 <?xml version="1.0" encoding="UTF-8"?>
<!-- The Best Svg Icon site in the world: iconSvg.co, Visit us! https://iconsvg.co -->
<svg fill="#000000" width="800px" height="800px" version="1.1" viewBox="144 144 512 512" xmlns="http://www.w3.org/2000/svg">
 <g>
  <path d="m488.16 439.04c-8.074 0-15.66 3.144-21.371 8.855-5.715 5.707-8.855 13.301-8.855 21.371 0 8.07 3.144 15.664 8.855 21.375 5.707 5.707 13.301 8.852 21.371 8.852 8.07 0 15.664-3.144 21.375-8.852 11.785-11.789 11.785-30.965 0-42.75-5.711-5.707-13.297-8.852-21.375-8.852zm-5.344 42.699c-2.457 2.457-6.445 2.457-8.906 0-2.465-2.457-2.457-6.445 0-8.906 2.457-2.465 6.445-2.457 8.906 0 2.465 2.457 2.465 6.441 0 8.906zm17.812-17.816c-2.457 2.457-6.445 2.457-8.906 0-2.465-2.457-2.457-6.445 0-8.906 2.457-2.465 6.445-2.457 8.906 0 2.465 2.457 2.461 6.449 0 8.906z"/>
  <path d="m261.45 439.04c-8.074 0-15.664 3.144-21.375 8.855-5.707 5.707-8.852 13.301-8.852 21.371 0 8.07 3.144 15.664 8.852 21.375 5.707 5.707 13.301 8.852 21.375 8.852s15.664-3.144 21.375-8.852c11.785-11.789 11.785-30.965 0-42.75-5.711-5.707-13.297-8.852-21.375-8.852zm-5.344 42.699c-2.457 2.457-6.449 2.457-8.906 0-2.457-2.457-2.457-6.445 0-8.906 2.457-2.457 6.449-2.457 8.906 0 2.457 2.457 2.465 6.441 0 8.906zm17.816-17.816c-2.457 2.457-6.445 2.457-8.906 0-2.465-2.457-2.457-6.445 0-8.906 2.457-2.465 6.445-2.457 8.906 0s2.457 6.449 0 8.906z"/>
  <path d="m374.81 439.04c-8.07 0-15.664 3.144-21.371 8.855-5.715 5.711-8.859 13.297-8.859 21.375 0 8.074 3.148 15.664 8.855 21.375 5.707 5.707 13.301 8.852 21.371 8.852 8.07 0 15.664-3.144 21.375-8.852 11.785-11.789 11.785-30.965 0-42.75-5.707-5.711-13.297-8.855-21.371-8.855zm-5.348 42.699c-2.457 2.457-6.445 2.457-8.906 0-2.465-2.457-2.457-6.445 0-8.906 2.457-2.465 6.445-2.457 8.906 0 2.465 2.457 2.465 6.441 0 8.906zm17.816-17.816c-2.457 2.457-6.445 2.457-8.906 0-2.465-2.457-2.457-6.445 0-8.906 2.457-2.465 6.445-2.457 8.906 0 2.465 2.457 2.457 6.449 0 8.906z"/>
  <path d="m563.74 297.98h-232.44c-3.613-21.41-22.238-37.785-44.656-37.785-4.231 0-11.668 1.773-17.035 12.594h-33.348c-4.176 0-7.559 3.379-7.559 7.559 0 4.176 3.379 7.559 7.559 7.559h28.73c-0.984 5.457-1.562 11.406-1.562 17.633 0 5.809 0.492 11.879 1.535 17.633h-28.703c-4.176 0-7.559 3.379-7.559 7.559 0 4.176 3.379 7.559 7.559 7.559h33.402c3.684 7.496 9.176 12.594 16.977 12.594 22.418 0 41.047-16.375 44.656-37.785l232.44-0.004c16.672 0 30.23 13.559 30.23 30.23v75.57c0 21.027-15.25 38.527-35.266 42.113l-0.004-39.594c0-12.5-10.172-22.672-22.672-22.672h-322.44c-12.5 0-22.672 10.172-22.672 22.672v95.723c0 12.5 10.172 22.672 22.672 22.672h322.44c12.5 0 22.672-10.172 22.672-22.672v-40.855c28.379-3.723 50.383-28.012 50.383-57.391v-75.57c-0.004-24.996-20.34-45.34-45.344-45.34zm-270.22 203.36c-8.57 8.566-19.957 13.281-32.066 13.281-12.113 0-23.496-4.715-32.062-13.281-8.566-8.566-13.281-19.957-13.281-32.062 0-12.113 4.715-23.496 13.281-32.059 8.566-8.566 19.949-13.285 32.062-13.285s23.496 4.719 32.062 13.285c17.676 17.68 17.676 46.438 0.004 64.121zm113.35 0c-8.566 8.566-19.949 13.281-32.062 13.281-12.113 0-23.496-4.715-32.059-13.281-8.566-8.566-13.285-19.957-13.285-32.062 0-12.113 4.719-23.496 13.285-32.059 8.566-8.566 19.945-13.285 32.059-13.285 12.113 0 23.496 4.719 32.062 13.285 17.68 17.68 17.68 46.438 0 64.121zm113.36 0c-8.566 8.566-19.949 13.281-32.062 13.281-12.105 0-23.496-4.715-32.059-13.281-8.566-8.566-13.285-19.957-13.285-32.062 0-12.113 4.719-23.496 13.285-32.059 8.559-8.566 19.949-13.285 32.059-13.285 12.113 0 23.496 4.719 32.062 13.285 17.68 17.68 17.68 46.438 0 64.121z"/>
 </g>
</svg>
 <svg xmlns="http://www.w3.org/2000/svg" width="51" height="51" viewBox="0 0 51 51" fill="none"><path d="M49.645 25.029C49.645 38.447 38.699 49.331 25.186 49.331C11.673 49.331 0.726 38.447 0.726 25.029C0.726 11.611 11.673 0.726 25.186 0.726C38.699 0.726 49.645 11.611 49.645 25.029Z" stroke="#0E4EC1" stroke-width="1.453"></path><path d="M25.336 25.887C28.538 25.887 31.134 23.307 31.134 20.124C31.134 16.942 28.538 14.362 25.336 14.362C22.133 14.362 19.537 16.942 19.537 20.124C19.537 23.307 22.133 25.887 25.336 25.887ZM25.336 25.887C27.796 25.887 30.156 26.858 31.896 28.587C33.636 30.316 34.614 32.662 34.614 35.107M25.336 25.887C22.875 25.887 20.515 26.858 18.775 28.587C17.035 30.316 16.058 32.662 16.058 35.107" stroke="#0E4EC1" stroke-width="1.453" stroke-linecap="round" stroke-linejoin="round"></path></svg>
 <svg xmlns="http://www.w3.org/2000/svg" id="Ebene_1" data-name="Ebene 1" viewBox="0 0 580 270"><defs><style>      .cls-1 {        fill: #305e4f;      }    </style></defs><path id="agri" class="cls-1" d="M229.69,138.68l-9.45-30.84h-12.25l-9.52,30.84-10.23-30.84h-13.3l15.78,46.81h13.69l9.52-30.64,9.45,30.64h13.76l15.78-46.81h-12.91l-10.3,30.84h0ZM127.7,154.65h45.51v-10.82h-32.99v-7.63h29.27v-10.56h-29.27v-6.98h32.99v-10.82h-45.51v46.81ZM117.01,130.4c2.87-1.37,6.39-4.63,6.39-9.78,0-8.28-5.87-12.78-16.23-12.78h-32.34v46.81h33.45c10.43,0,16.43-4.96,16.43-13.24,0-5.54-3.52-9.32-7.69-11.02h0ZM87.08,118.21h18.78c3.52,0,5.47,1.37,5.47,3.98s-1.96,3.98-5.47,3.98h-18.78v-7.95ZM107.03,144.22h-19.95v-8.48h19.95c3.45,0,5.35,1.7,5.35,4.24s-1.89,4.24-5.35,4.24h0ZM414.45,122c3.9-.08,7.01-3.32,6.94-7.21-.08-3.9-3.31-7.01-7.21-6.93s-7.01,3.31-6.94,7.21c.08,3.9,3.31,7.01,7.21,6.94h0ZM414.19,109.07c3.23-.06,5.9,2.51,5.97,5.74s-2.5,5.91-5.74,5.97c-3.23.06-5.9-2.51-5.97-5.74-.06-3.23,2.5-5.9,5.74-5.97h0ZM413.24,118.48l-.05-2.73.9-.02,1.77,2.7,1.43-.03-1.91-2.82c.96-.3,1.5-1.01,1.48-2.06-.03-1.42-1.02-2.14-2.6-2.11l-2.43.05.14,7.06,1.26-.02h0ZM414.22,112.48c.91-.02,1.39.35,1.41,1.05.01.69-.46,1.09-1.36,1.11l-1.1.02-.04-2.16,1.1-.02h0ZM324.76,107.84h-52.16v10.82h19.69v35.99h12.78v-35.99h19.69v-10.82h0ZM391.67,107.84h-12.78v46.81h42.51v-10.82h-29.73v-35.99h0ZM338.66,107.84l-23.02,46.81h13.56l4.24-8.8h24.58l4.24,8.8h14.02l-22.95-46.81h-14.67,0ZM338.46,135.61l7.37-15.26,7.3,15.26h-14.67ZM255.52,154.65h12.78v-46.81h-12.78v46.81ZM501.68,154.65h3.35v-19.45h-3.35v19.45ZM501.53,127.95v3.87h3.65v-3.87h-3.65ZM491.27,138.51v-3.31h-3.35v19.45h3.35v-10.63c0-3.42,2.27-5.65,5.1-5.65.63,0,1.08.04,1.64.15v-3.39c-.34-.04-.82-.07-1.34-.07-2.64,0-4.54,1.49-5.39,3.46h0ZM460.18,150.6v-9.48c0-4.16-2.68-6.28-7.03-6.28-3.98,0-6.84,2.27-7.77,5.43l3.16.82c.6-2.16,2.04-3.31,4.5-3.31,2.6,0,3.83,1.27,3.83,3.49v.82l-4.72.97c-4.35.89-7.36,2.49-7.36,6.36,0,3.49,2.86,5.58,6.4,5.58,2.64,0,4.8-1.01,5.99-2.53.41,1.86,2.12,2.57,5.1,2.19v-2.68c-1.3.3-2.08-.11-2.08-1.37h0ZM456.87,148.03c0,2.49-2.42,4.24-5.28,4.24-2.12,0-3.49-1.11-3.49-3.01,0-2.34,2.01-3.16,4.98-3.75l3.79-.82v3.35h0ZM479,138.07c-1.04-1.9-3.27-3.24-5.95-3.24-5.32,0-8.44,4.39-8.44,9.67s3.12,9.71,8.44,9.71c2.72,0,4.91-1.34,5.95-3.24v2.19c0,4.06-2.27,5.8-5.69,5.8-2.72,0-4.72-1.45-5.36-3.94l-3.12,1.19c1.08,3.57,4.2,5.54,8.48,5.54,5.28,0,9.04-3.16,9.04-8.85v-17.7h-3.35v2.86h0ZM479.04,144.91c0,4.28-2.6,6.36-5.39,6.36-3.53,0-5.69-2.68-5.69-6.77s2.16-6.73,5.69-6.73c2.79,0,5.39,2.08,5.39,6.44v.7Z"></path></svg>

**Task brief:** Among the records above, a stretch begins at the line containing "<!-- The Best" and ends at the line containing "439.04c-8.074 0-15.66 3.144-21.371". Restate that stretch word for word, and nothing else.

**Exercise output:**
<!-- The Best Svg Icon site in the world: iconSvg.co, Visit us! https://iconsvg.co -->
<svg fill="#000000" width="800px" height="800px" version="1.1" viewBox="144 144 512 512" xmlns="http://www.w3.org/2000/svg">
 <g>
  <path d="m488.16 439.04c-8.074 0-15.66 3.144-21.371 8.855-5.715 5.707-8.855 13.301-8.855 21.371 0 8.07 3.144 15.664 8.855 21.375 5.707 5.707 13.301 8.852 21.371 8.852 8.07 0 15.664-3.144 21.375-8.852 11.785-11.789 11.785-30.965 0-42.75-5.711-5.707-13.297-8.852-21.375-8.852zm-5.344 42.699c-2.457 2.457-6.445 2.457-8.906 0-2.465-2.457-2.457-6.445 0-8.906 2.457-2.465 6.445-2.457 8.906 0 2.465 2.457 2.465 6.441 0 8.906zm17.812-17.816c-2.457 2.457-6.445 2.457-8.906 0-2.465-2.457-2.457-6.445 0-8.906 2.457-2.465 6.445-2.457 8.906 0 2.465 2.457 2.461 6.449 0 8.906z"/>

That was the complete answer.